Some months passed before this state of things produced fever. The first effect of the bad food through the winter, such as watery potatoes eaten half-cooked for want of fuel, had been dysentery, which became common in February, and was aggravated by the cold in and out of doors. It was confined to the very poorest, and was not contagious, attacking perhaps one or two only in a large family. Comparatively few of those who were attacked by it in the country places came to the Strabane Dispensary; but the dropsy which often attended or followed it brought in a larger number.
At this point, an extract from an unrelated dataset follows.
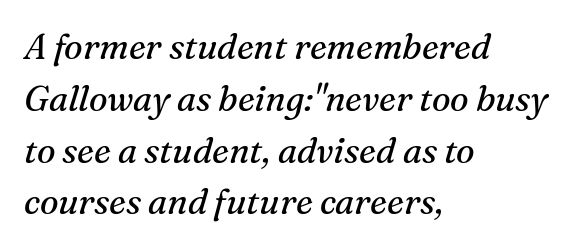
Bare-footed words on every line. The face used here is proportionally spaced, like ordinary book or web type. I'd call this a serif setting — the letters wear small feet. A light-to-regular cut is what we see here. Reading down the block, your eye returns to a fixed left position each line.
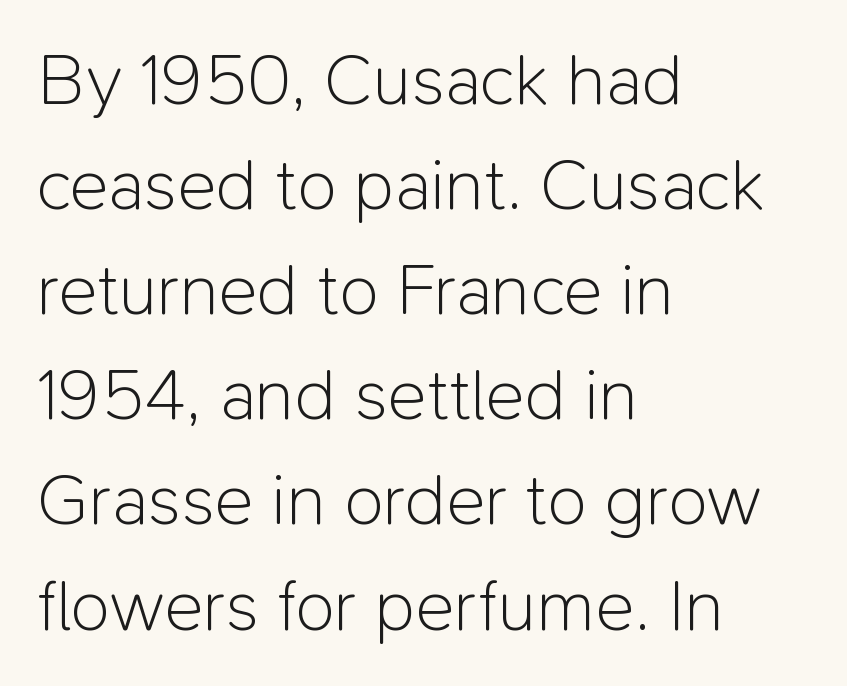
Each letter keeps its own natural width here, so spacing adapts to shape. You can tell it's not italic because the verticals are truly vertical. Summary of weight: not heavy and not bold. Interline gaps are of average width in this sample. Anything drawn beneath the words? Only blank space. Type style note: lacks serifs.
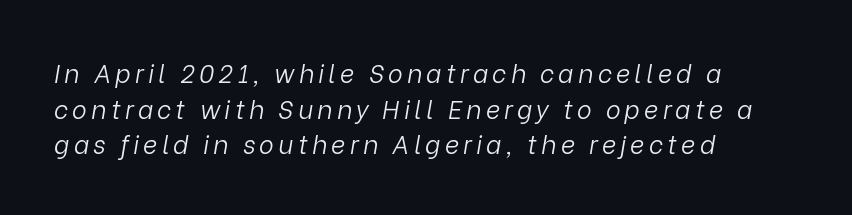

The following table of cases at the Dispensary shows clearly enough that dysentery and dropsy preceded the fever, which became at length the chief epidemic malady[470]:

Cases at Strabane Dispensary.

1817 Dropsy Dysentery Typhus
June 23 2 10
July 107 31 60
August 40 22 206
September 9 23 287

At a few of the larger towns in each of the provinces typhus had risen in the autumn of 1816 somewhat above the ordinary low level which characterized the years from 1803 to 1816 in Ireland as well as in Britain. At that time there was steadily from year to year a certain amount of typhus in the poorest parts of the towns and here or there among the cabins of the cottiers. Statistically this may be shown by the table of regular admissions to the fever hospitals of some of the chief towns from the date of their opening.